(Extracted data entries)
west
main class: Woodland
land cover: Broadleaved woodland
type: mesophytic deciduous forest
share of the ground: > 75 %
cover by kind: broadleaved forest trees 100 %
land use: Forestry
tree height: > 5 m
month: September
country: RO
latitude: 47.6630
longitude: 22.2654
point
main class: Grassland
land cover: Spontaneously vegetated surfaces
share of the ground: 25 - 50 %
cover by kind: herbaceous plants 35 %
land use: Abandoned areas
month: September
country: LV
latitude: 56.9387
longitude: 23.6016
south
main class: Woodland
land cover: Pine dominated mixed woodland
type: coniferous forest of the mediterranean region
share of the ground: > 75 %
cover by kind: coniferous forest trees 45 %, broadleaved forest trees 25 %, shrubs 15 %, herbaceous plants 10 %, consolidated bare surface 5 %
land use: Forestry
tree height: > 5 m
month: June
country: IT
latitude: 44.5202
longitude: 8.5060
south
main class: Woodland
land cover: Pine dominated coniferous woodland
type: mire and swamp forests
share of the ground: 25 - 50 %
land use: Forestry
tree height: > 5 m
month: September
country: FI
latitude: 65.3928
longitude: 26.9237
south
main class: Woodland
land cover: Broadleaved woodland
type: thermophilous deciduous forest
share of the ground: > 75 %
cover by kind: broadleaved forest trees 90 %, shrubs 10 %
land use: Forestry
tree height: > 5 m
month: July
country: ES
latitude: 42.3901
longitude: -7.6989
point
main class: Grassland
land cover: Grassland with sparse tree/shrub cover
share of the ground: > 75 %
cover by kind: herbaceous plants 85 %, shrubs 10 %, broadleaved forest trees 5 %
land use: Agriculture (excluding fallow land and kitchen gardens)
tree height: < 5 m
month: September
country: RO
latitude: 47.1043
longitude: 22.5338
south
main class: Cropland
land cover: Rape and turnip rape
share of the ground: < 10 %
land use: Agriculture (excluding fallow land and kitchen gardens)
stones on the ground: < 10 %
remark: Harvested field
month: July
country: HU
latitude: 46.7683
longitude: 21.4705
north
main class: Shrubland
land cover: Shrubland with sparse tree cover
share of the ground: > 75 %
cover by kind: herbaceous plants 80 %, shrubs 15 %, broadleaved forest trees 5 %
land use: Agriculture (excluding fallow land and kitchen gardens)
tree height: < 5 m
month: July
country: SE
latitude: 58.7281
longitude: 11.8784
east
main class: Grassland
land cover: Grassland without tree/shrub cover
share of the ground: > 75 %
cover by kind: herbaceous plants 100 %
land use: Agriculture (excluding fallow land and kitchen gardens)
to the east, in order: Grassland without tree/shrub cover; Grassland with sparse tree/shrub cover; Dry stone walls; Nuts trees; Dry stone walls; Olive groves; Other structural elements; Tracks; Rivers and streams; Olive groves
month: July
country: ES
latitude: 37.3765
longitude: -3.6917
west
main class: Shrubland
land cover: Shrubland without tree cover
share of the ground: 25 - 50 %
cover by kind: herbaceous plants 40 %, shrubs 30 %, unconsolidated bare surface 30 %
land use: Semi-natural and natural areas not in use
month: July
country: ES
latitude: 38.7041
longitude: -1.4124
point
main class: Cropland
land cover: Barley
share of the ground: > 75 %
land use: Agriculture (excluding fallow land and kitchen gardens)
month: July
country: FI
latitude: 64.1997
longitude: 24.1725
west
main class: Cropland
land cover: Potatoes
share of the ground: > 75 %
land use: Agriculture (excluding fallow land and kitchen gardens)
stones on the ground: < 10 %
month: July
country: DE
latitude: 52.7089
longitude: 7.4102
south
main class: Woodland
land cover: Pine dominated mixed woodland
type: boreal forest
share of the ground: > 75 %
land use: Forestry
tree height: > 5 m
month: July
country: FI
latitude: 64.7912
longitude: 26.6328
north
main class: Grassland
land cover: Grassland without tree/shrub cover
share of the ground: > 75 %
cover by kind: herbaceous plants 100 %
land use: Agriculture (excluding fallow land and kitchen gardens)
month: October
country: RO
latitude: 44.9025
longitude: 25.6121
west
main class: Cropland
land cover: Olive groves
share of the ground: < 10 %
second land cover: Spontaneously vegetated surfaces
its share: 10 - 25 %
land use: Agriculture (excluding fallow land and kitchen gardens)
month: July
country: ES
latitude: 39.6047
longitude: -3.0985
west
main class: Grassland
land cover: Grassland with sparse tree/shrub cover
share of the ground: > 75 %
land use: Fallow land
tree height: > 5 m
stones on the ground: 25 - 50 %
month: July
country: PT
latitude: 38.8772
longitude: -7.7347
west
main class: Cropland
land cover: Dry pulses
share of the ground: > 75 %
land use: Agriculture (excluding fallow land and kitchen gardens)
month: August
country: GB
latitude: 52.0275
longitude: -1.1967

Problem statement: Repeat all of the data shown above, exactly as it appears.

Exercise result:
west
main class: Woodland
land cover: Broadleaved woodland
type: mesophytic deciduous forest
share of the ground: > 75 %
cover by kind: broadleaved forest trees 100 %
land use: Forestry
tree height: > 5 m
month: September
country: RO
latitude: 47.6630
longitude: 22.2654
point
main class: Grassland
land cover: Spontaneously vegetated surfaces
share of the ground: 25 - 50 %
cover by kind: herbaceous plants 35 %
land use: Abandoned areas
month: September
country: LV
latitude: 56.9387
longitude: 23.6016
south
main class: Woodland
land cover: Pine dominated mixed woodland
type: coniferous forest of the mediterranean region
share of the ground: > 75 %
cover by kind: coniferous forest trees 45 %, broadleaved forest trees 25 %, shrubs 15 %, herbaceous plants 10 %, consolidated bare surface 5 %
land use: Forestry
tree height: > 5 m
month: June
country: IT
latitude: 44.5202
longitude: 8.5060
south
main class: Woodland
land cover: Pine dominated coniferous woodland
type: mire and swamp forests
share of the ground: 25 - 50 %
land use: Forestry
tree height: > 5 m
month: September
country: FI
latitude: 65.3928
longitude: 26.9237
south
main class: Woodland
land cover: Broadleaved woodland
type: thermophilous deciduous forest
share of the ground: > 75 %
cover by kind: broadleaved forest trees 90 %, shrubs 10 %
land use: Forestry
tree height: > 5 m
month: July
country: ES
latitude: 42.3901
longitude: -7.6989
point
main class: Grassland
land cover: Grassland with sparse tree/shrub cover
share of the ground: > 75 %
cover by kind: herbaceous plants 85 %, shrubs 10 %, broadleaved forest trees 5 %
land use: Agriculture (excluding fallow land and kitchen gardens)
tree height: < 5 m
month: September
country: RO
latitude: 47.1043
longitude: 22.5338
south
main class: Cropland
land cover: Rape and turnip rape
share of the ground: < 10 %
land use: Agriculture (excluding fallow land and kitchen gardens)
stones on the ground: < 10 %
remark: Harvested field
month: July
country: HU
latitude: 46.7683
longitude: 21.4705
north
main class: Shrubland
land cover: Shrubland with sparse tree cover
share of the ground: > 75 %
cover by kind: herbaceous plants 80 %, shrubs 15 %, broadleaved forest trees 5 %
land use: Agriculture (excluding fallow land and kitchen gardens)
tree height: < 5 m
month: July
country: SE
latitude: 58.7281
longitude: 11.8784
east
main class: Grassland
land cover: Grassland without tree/shrub cover
share of the ground: > 75 %
cover by kind: herbaceous plants 100 %
land use: Agriculture (excluding fallow land and kitchen gardens)
to the east, in order: Grassland without tree/shrub cover; Grassland with sparse tree/shrub cover; Dry stone walls; Nuts trees; Dry stone walls; Olive groves; Other structural elements; Tracks; Rivers and streams; Olive groves
month: July
country: ES
latitude: 37.3765
longitude: -3.6917
west
main class: Shrubland
land cover: Shrubland without tree cover
share of the ground: 25 - 50 %
cover by kind: herbaceous plants 40 %, shrubs 30 %, unconsolidated bare surface 30 %
land use: Semi-natural and natural areas not in use
month: July
country: ES
latitude: 38.7041
longitude: -1.4124
point
main class: Cropland
land cover: Barley
share of the ground: > 75 %
land use: Agriculture (excluding fallow land and kitchen gardens)
month: July
country: FI
latitude: 64.1997
longitude: 24.1725
west
main class: Cropland
land cover: Potatoes
share of the ground: > 75 %
land use: Agriculture (excluding fallow land and kitchen gardens)
stones on the ground: < 10 %
month: July
country: DE
latitude: 52.7089
longitude: 7.4102
south
main class: Woodland
land cover: Pine dominated mixed woodland
type: boreal forest
share of the ground: > 75 %
land use: Forestry
tree height: > 5 m
month: July
country: FI
latitude: 64.7912
longitude: 26.6328
north
main class: Grassland
land cover: Grassland without tree/shrub cover
share of the ground: > 75 %
cover by kind: herbaceous plants 100 %
land use: Agriculture (excluding fallow land and kitchen gardens)
month: October
country: RO
latitude: 44.9025
longitude: 25.6121
west
main class: Cropland
land cover: Olive groves
share of the ground: < 10 %
second land cover: Spontaneously vegetated surfaces
its share: 10 - 25 %
land use: Agriculture (excluding fallow land and kitchen gardens)
month: July
country: ES
latitude: 39.6047
longitude: -3.0985
west
main class: Grassland
land cover: Grassland with sparse tree/shrub cover
share of the ground: > 75 %
land use: Fallow land
tree height: > 5 m
stones on the ground: 25 - 50 %
month: July
country: PT
latitude: 38.8772
longitude: -7.7347
west
main class: Cropland
land cover: Dry pulses
share of the ground: > 75 %
land use: Agriculture (excluding fallow land and kitchen gardens)
month: August
country: GB
latitude: 52.0275
longitude: -1.1967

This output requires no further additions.